The EPiServer Find CMS integration does not index any files stored in the VPP by default. A convention is included in the integration that index files visible in the file manager and it is enabled by setting the VisibleInFilemanagerVPPIndexingConvention on the FilieIndexer conventions:

FileIndexer.Instance.Conventions.ShouldIndexVPPConvention 
  = new VisibleInFilemanagerVPPIndexingConvention();

However, this convention can be a little bit aggressive. As soon as an editor adds a file it is searchable and even though no access control mechanism are overruled some might think it is hidden until it is actually used on the site. So how do we proceed to achieve this?
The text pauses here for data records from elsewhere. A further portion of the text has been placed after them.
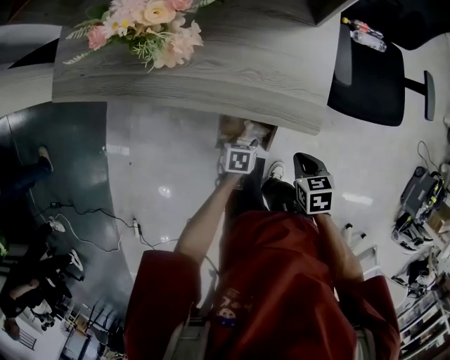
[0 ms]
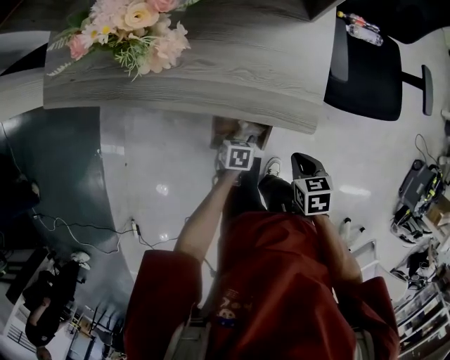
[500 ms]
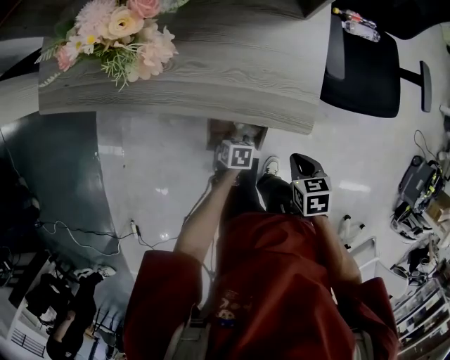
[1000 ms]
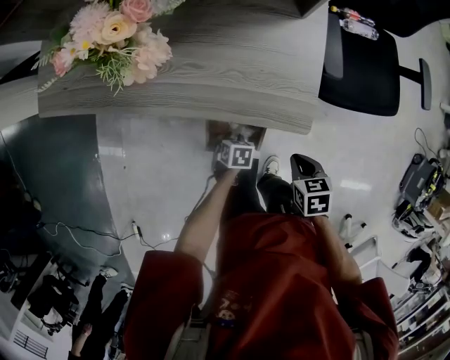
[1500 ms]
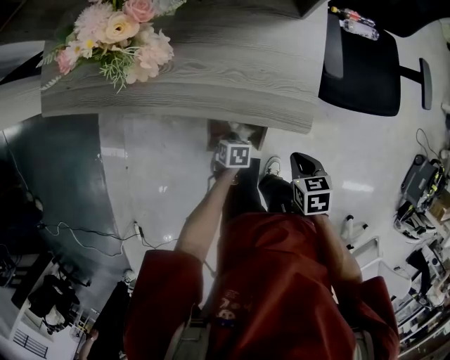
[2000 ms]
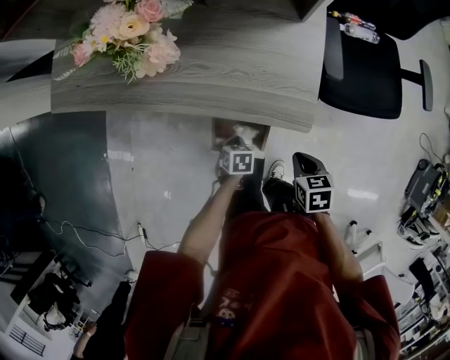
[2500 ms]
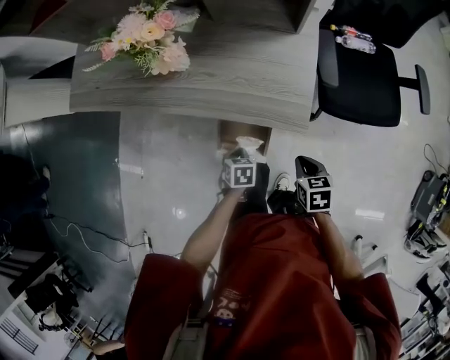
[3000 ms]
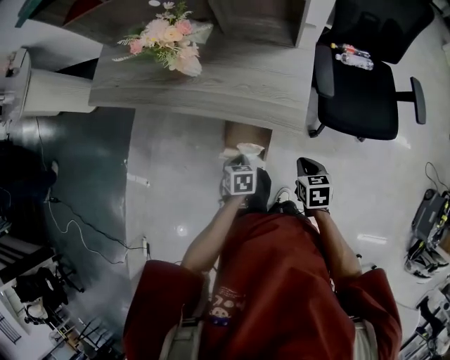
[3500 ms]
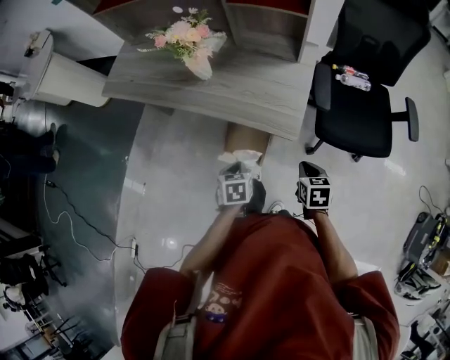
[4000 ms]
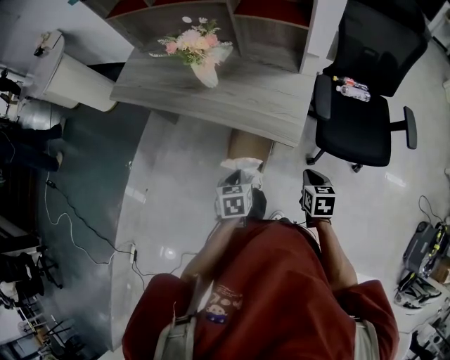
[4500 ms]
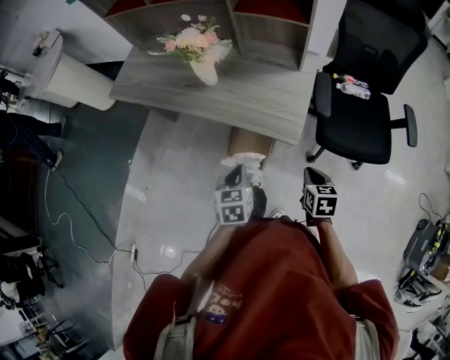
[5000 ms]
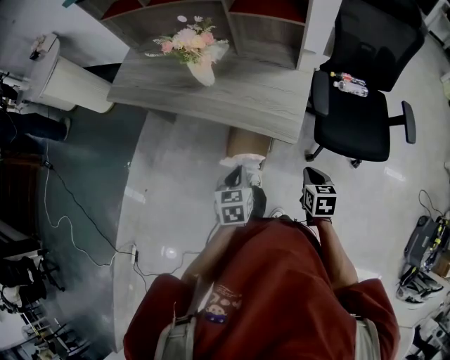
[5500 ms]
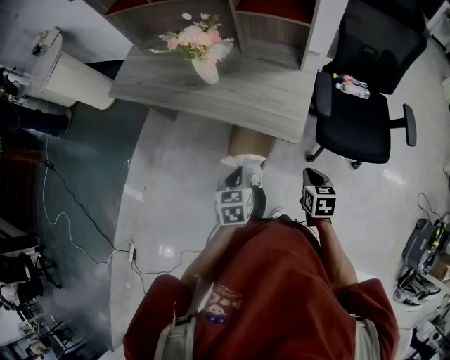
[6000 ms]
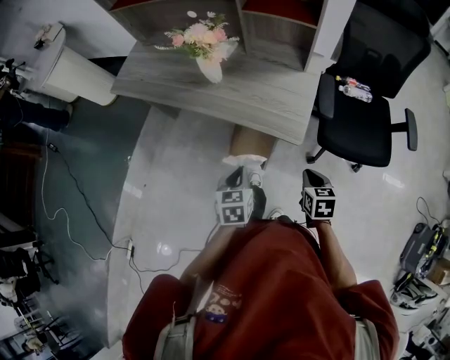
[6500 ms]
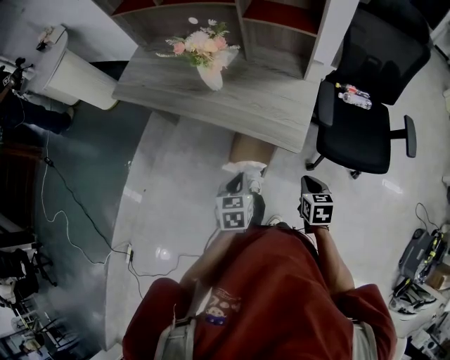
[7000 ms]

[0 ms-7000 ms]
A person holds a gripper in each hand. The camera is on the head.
0 ms to 2000 ms: The left gripper closes.
2000 ms to 3500 ms: The left gripper travels upward by approximately 15 cm. The right gripper shifts about 5 cm upward.
3500 ms to 5000 ms: The right gripper goes approximately 5 cm upward; the left gripper travels upward by approximately 15 cm, and rotates about 20 degrees.
5000 ms to 7000 ms: The grippers make only small movements.

Built in into the CMS there is the ContentSoftLinkRepository where we can query if files (or any IContent for that matter) is linked from within another IContent. By using this we can then create a file indexing convention that checks if the file is linked from some indexed IContent and if so we index it:

FileIndexer.Instance.Conventions.ForInstancesOf<UnifiedFile>().ShouldIndex(x =>
{
    var contentRepository = 
        ServiceLocation.ServiceLocator.Current.GetInstance<IContentRepository>();
    var contentSoftLinkRepository = 
        ServiceLocation.ServiceLocator.Current.GetInstance<ContentSoftLinkRepository>();
    var softLinks = contentSoftLinkRepository.Load(x.VirtualPath);

    try
    {
        foreach (var softLink in softLinks)
        {
            
            if (softLink.SoftLinkType == ReferenceType.ExternalReference ||
                softLink.SoftLinkType == ReferenceType.ImageReference)
            {
                var content = 
                    contentRepository.Get<IContent>(softLink.OwnerContentLink);
                if (!ContentIndexer.Instance.Conventions.ShouldIndexConvention.ShouldIndex(content).Value) // don't index referenced file if content is marked as not indexed

                {
                    continue;
                }

                // only index if content is published

                var publicationStatus = 
                    content.PublishedInLanguage()[softLink.OwnerLanguage.Name];

                if (publicationStatus != null &&
                    (publicationStatus.StartPublish == null ||
                     publicationStatus.StartPublish < DateTime.Now) &&
                    (publicationStatus.StopPublish == null ||
                     DateTime.Now < publicationStatus.StopPublish))
                {
                    return true;
                }
            }
        }
    }
    catch
    {
        // ooops something went wrong. Better not index this one ;-)

    }

    return false;
});

Using this convention only files that are referenced from an indexed IContent, that also is published (as by default also unpublished IContent is indexed to provide better querying in editor mode).

I hope you may find this useful when making your site awesome with EPiServer Find!